Moving Fluoroscopy

To overcome the limitations of marker-based kinematic measurements, which are affected by soft tissue artefacts (Taylor et al., 2005Taylor et al., 2010), tracking fluoroscopic techniques for dynamically imaging internal skeletal structures and metallic implant components have been developed (Foresti, 2009; Zihlmann et al., 2006a; Zihlmann et al., 2006b). The video-fluoroscope c-arm unit was mounted on an automated trolley (maximum acceleration horizontal 9ms-2, maximum velocity horizontal 5ms-1) that allows dynamic tracking of the joint in question. The additional ability of the C-arm to track the joint at up to 1.33ms-1 vertically (maximum vertical acceleration 4ms-2), thus enabling the joint to be tracked throughout several gait cycles of free level and downhill walking as well as stair descent (List et al., 2017b).

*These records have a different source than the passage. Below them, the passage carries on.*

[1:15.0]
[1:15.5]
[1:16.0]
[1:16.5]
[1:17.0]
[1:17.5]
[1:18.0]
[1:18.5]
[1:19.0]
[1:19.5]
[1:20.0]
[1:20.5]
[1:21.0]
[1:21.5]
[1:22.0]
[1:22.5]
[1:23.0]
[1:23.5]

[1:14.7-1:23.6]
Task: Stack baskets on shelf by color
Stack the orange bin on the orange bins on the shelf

The video fluoroscopic image capture was performed using a modified BV Pulsera videofluoroscopy system (Philips Medical Systems, Switzerland) with a field of view of 30.5cm, pulsed image acquisition rate of 25Hz, 8ms radiation time, 1ms shutter time of the CCD-sensor and an image resolution of 1000 x 1000 pixels with a grayscale resolution of 12 bits (Foresti, 2009; List et al., 2012a; List et al., 2012b; Zihlmann et al., 2006a; Zihlmann et al., 2006b).


Image distortion of the videofluoroscopic images was eliminated by a local correction algorithm (Foresti, 2009: List et al., 2012a; List et al., 2012b) using a reference grid containing approximately 1300 beads. Since the position of the beads relative to one another was known, the projection of the reference grid was restored by means of a polynomial approximation. The projection parameters of the videofluoroscopic system (focal distance and location of the principle point in the image plane) were determined using a least-squares optimization, which was based on five images of a calibration tube (300mm long with two Plexiglas® plates). At well defined positions (accuracy: ±0.03mm), each plate was filled with either 12 or 13 metal pellets, providing a total of 25 correspondence points.

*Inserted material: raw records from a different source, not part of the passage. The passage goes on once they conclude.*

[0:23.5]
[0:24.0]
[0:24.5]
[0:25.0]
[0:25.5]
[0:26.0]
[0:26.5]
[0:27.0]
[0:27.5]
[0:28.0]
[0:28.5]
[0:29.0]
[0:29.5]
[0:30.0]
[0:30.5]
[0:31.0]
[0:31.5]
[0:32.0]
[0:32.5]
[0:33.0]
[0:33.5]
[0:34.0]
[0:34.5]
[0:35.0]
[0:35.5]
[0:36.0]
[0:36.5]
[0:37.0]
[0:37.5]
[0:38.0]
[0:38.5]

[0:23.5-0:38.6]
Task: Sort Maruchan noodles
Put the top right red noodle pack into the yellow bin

Once the projection parameters of the fluoroscope were determined, its orientation and location relative to the video-photogrammetric system were determined (Foresti, 2009; List et al., 2017b). Here, the grid used for the image distortion correction was also equipped with six reflective markers screwed at predefined positions. The grid was rotated and displaced into multiple poses, with radiographs of the grid’s beads and simultaneous assessment of the marker positions allowing the relationship between their local coordinate systems to be determined. In order to determine the projection matrix, a least squares optimization was used to find the orientation and position of the fluoroscopy system relative to the origin of the video-photogrammetric set-up. Optical markers were additionally fixed to the C-arm of the moving fluoroscope to allow the position of the moving fluoroscope to be continually determined and referenced to the global lab coordinate system.

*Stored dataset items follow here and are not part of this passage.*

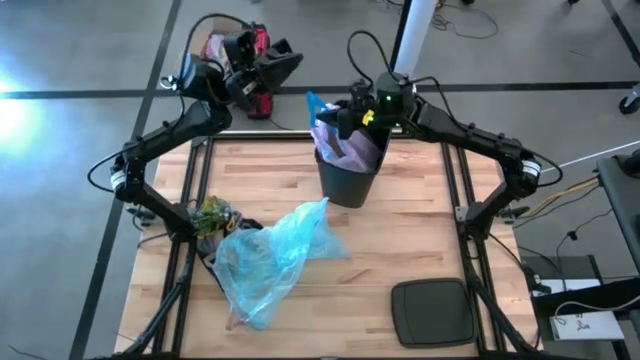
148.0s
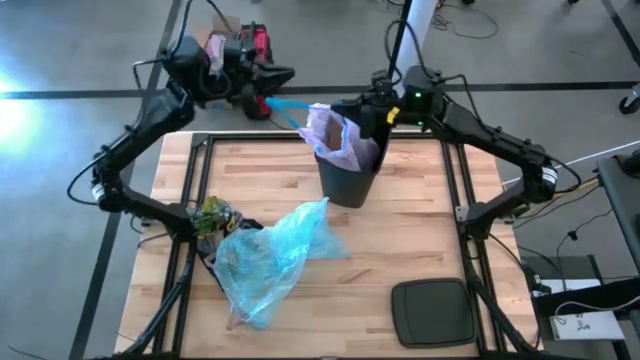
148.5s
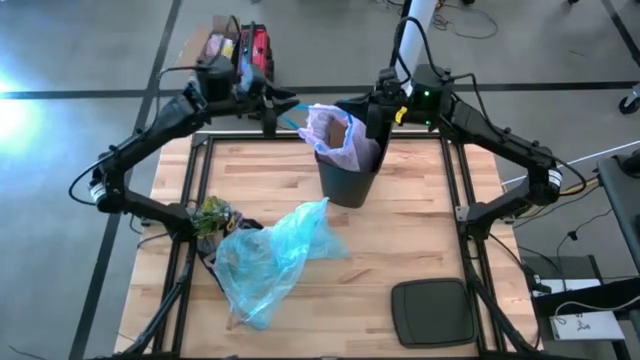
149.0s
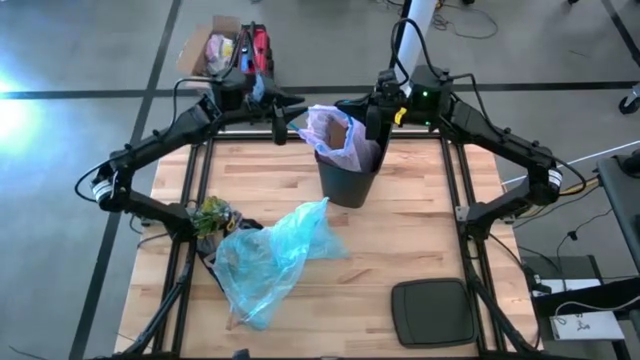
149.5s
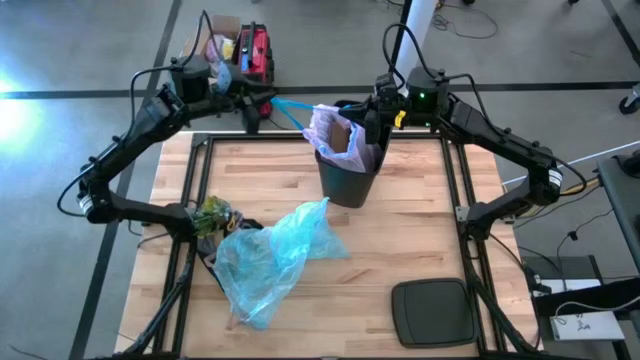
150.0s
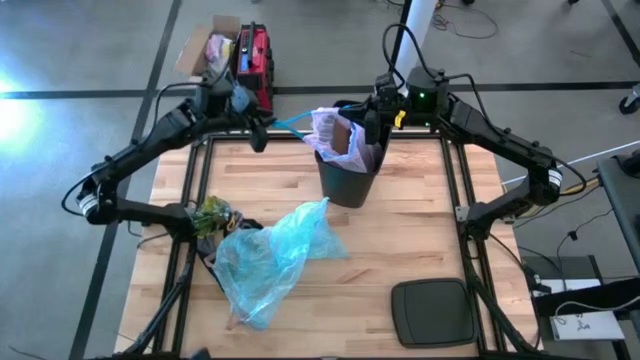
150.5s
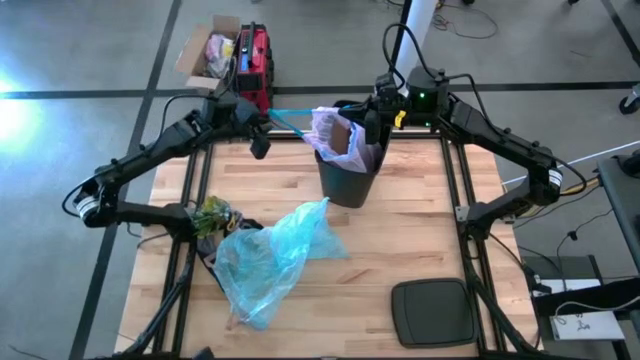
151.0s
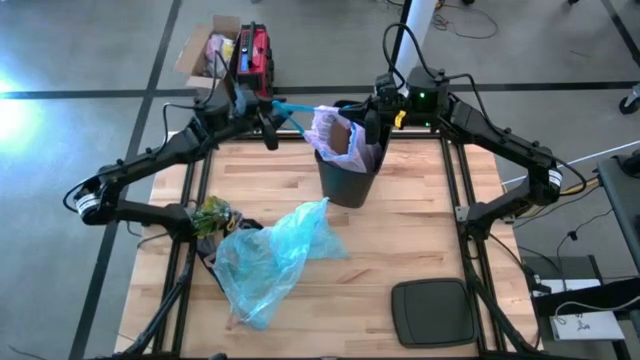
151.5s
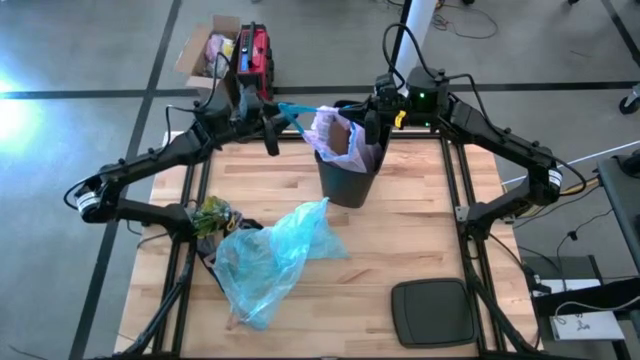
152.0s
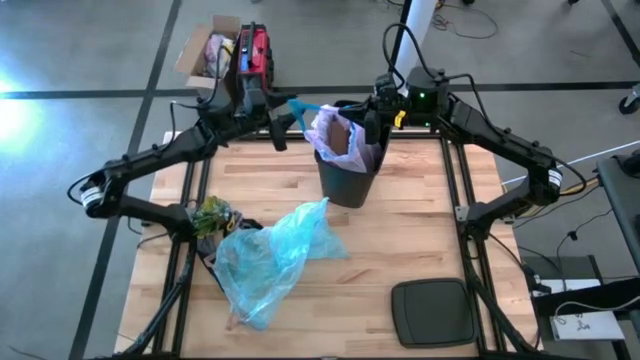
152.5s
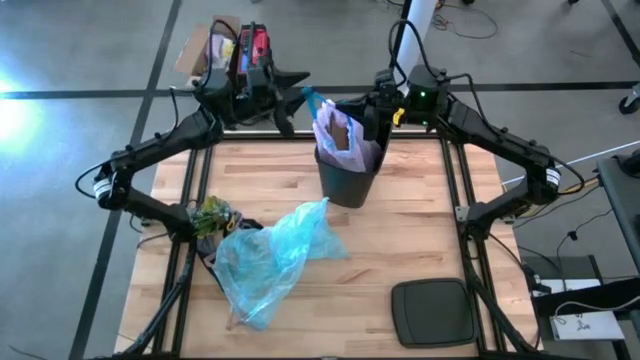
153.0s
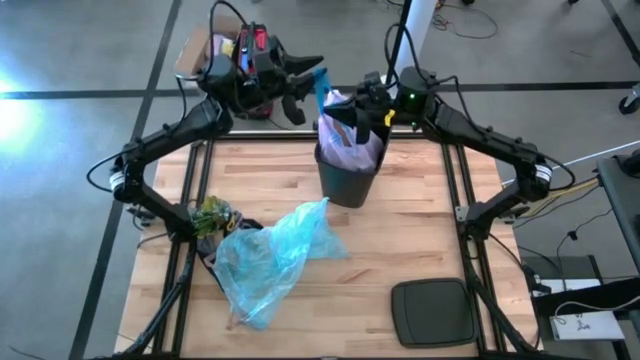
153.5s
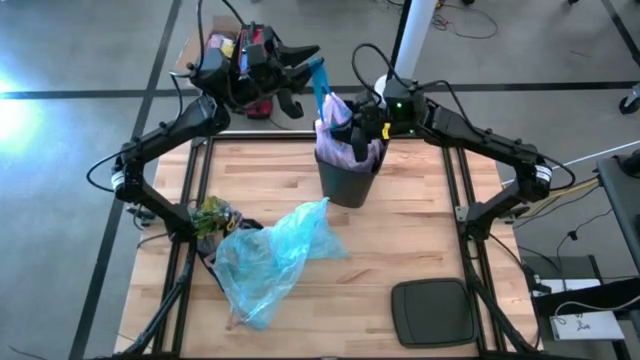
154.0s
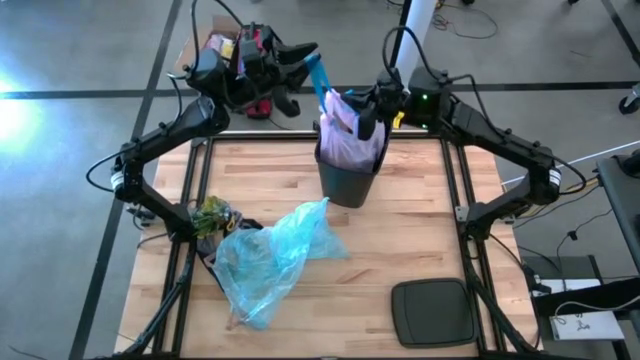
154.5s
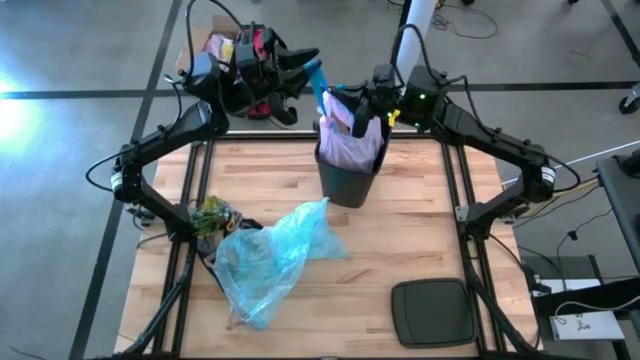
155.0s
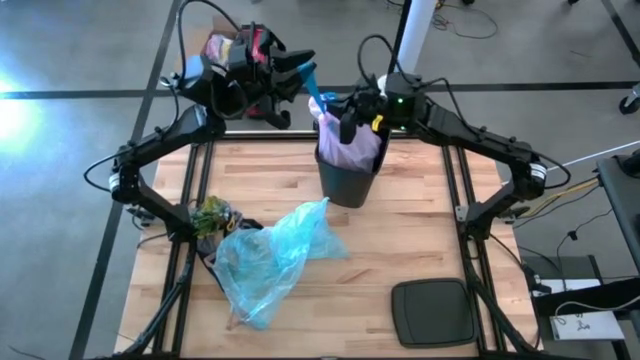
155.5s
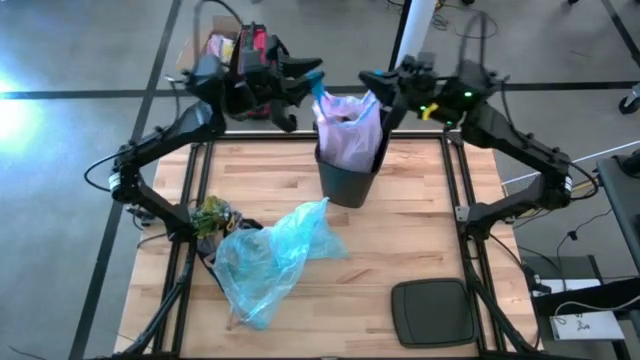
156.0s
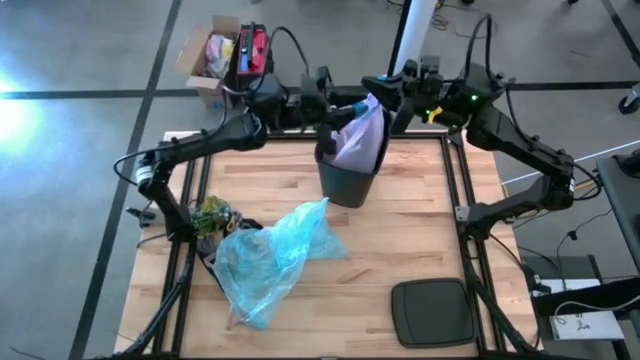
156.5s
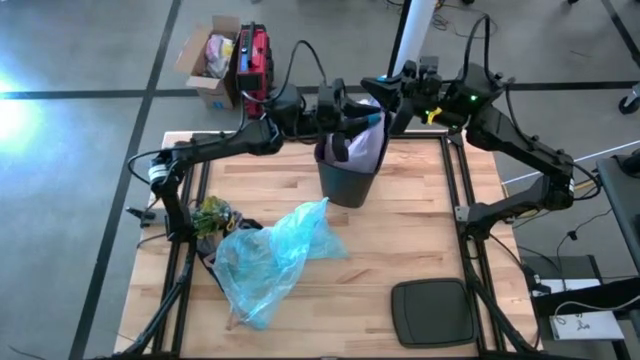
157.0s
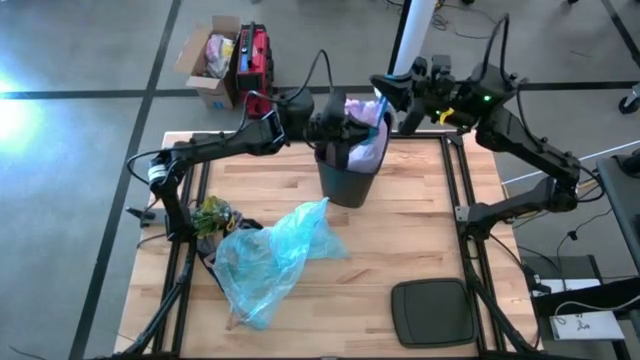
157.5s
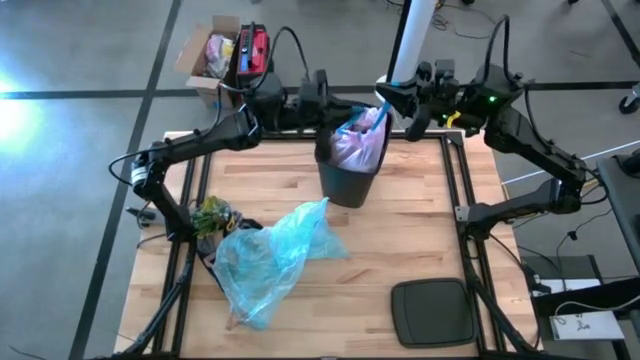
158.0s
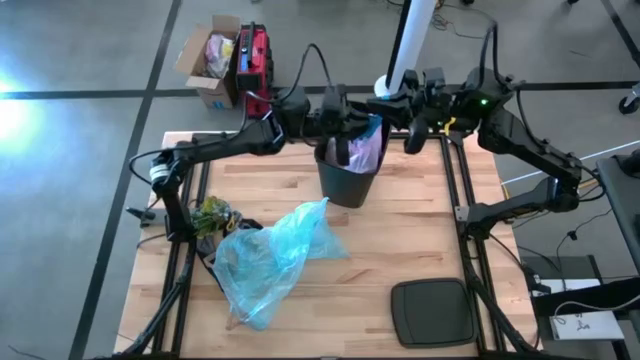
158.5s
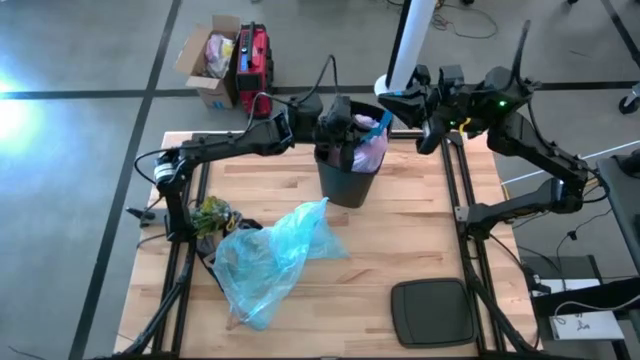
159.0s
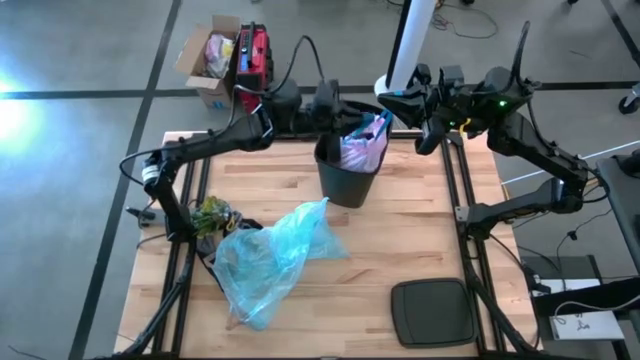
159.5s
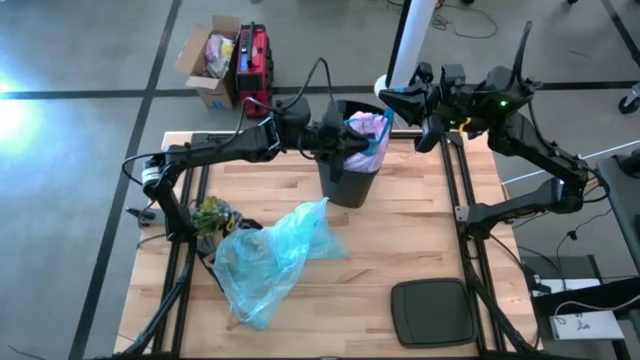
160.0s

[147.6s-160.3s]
Task: place trash/remove bag and relplace
Close the pink trash bag

2D/3D registration of the 2D fluoroscopic images was performed by fitting CAD models of the implant components. The registration algorithm was based on the approach developed by Burckhardt et al., 2005, in which the pose of the 3D implant CAD models was determined through fitting a synthetic image of the CAD model to the fluoroscopic image by minimizing the difference in gradient magnitudes as well as pixel gray values within the region of interest defined by a slightly enlarged outline contour, to create the optimal matching scenario for each time point. Registration errors, assessed for a similar TKA, were <1 degree for all rotations, <1mm for in-plane and <3mm for out-of-plane translations (Foresti, 2009). The output is the 3D pose of the tibial and femoral components relative to the lab or image intensifier coordinate systems according to Grood and Suntay (1983).